#### [Assignment]
Search the records below for "between" and copy every line it turns up in.

▽

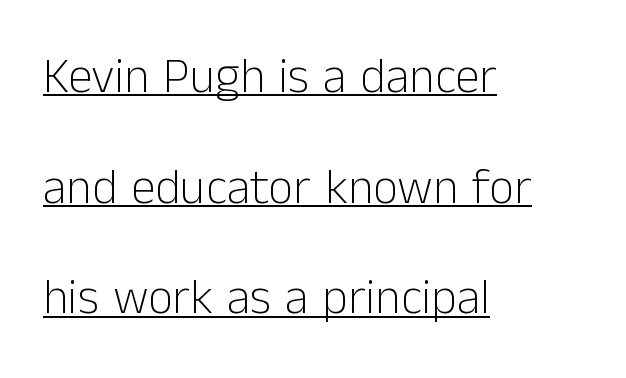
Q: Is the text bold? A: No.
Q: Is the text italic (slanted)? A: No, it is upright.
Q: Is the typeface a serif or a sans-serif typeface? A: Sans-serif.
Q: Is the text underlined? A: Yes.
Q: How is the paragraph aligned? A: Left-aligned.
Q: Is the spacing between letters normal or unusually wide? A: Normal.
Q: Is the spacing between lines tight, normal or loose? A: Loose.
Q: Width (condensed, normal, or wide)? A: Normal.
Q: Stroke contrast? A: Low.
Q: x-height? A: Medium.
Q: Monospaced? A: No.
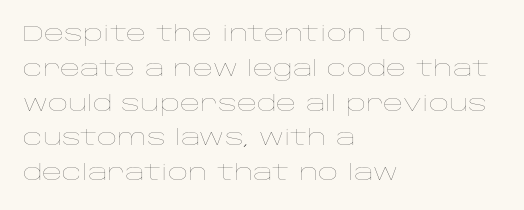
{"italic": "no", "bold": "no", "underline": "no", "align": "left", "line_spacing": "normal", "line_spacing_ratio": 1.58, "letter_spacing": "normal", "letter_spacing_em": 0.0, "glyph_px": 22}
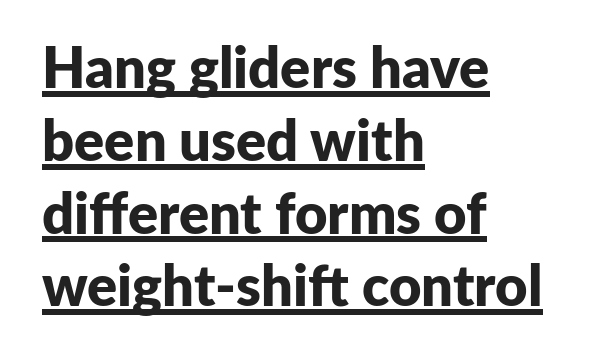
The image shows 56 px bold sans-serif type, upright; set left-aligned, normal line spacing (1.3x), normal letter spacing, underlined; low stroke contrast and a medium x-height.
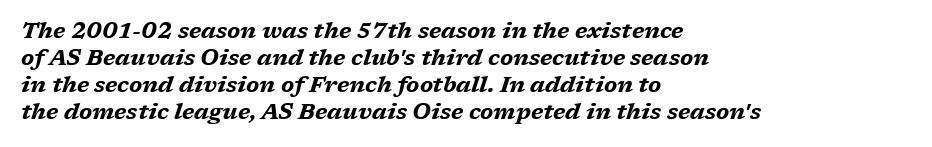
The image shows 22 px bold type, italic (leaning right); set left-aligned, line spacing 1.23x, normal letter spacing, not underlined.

△

#### [Answer to this task]
Q: Is the spacing between letters normal or unusually wide? A: Normal.
Q: Is the spacing between lines tight, normal or loose? A: Loose.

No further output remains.